A proposed working model for the budding yeast PRR pathways.

MRX, in conjunction with Sae2, functions upstream of PCNA monoubiquitination by ssDNA resection thus promoting Rad6-Rad18 to monoubiquitinate PCNA. Exo1 processes ssDNA gaps in the 5′-3′ direction, which facilitates PCNA polyubiquitination by Rad5-Ubc13-Mms2 and subsequent error-free lesion bypass mediated by the Shu complex, HR and Sgs1-Top3 resolution.

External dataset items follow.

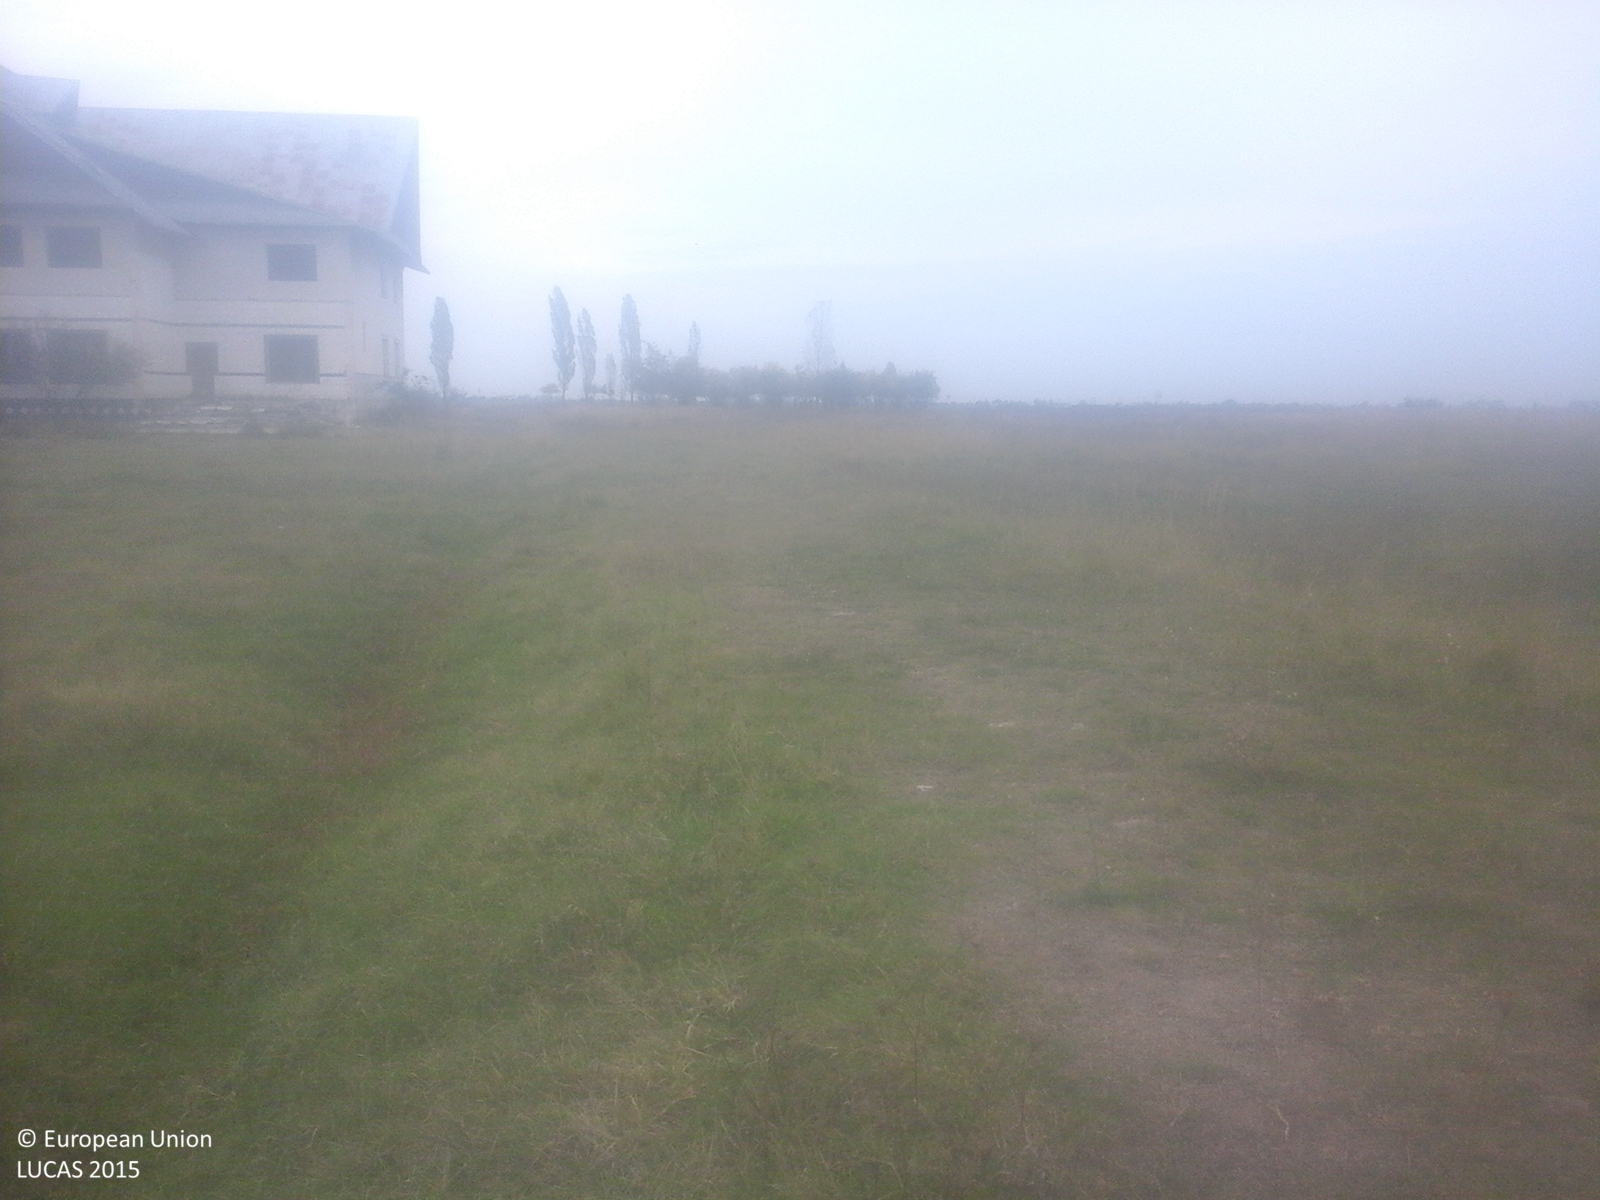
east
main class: Artificial land
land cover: Non built-up linear features
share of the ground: > 75 %
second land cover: Grassland without tree/shrub cover
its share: > 75 %
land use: Road transport
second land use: Residential
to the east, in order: Grass margins; Tracks; Grassland without tree/shrub cover; Spontaneously vegetated surfaces; Grassland without tree/shrub cover; Broadleaved woodland; Sunflower
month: October
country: RO
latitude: 44.9716
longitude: 25.7616
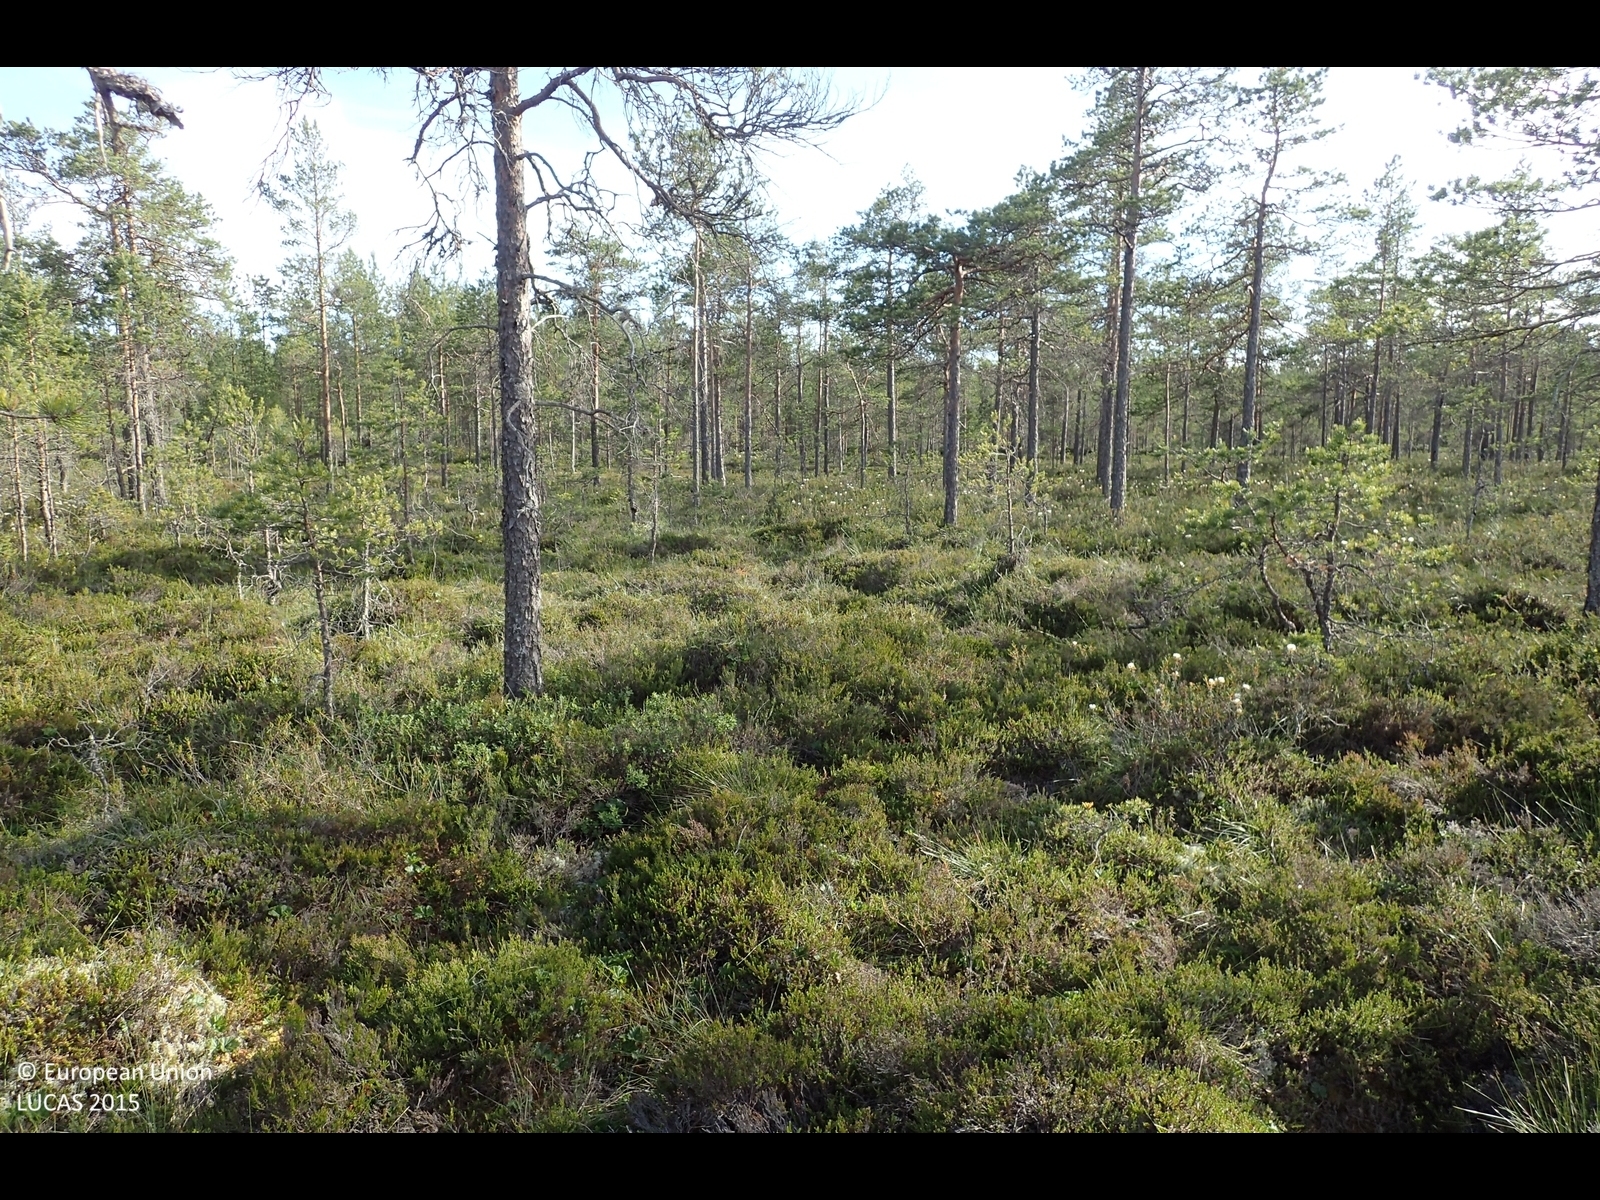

MRX与Sae2协同作用，通过单链DNA（single-stranded DNA, ssDNA）末端切除参与增殖细胞核抗原（Proliferating Cell Nuclear Antigen, PCNA）单泛素化的上游调控过程，进而促进Rad6-Rad18复合物对PCNA的单泛素化修饰。核酸外切酶1（Exonuclease 1, Exo1）以5′→3′方向加工单链DNA间隙，该过程可促进Rad5-Ubc13-Mms2复合物介导的PCNA多泛素化，以及后续由Shu复合物、同源重组（Homologous Recombination, HR）和Sgs1-Top3复合物解离过程所介导的无错损伤旁路修复途径。